The answer must consist of each line below that contains the word "surface", copied in full.

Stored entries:

Content starts

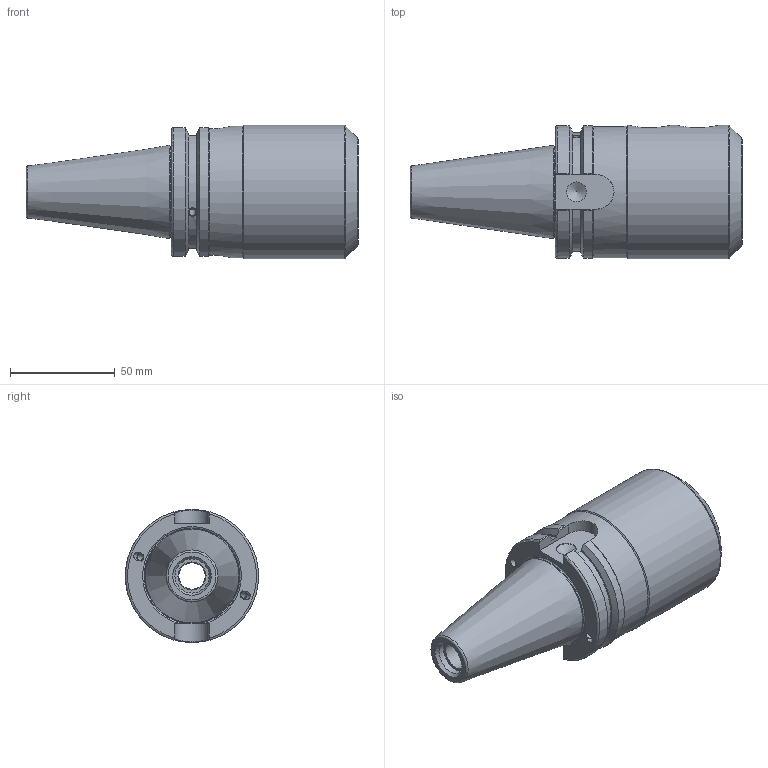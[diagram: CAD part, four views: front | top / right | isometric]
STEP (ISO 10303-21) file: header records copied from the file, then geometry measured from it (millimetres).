
FILE_DESCRIPTION(/* description */ (''),/* implementation_level */ '2;1');
FILE_NAME(/* name */ 'AB034.stp',/* time_stamp */ '2025-03-19T10:28:46+09:00',/* author */ ('YSH'),/* organization */ (''),/* preprocessor_version */ 'ST-DEVELOPER v20',/* originating_system */ 'Autodesk Inventor 2025',/* authorisation */ '');
FILE_SCHEMA (('AUTOMOTIVE_DESIGN { 1 0 10303 214 3 1 1 }'));
Length unit declared in the file: millimetre
Products named in the file (1): LO-CCT40ADB-SLA31.75-90
Bounding box: 158.25 x 63.5 x 63.5 mm (x, y, z)
Volume: 250982.8 mm3; surface area: 43445.2 mm2
Topology: 1 solids, 1 shells, 94 faces, 267 edges, 176 vertices
Faces by surface type: plane 36, cylinder 33, cone 18, torus 7
Full cylindrical faces by diameter (mm): 3.242 x8, 4 x2, 4.2 x2, 9.525 x1, 12.573 x1, 13.386 x1, 16.3 x1, 17.323 x2, 31.75 x1, 32.95 x1, 43.8 x1, 62.5 x1, 63.5 x1
Entity records: 3555 total; most frequent: CARTESIAN_POINT 1079, ORIENTED_EDGE 532, DIRECTION 502, EDGE_CURVE 266, AXIS2_PLACEMENT_3D 205, VERTEX_POINT 176, EDGE_LOOP 114, FACE_OUTER_BOUND 94

Content ends

▸ **YOUR RESPONSE**
Volume: 250982.8 mm3; surface area: 43445.2 mm2
Faces by surface type: plane 36, cylinder 33, cone 18, torus 7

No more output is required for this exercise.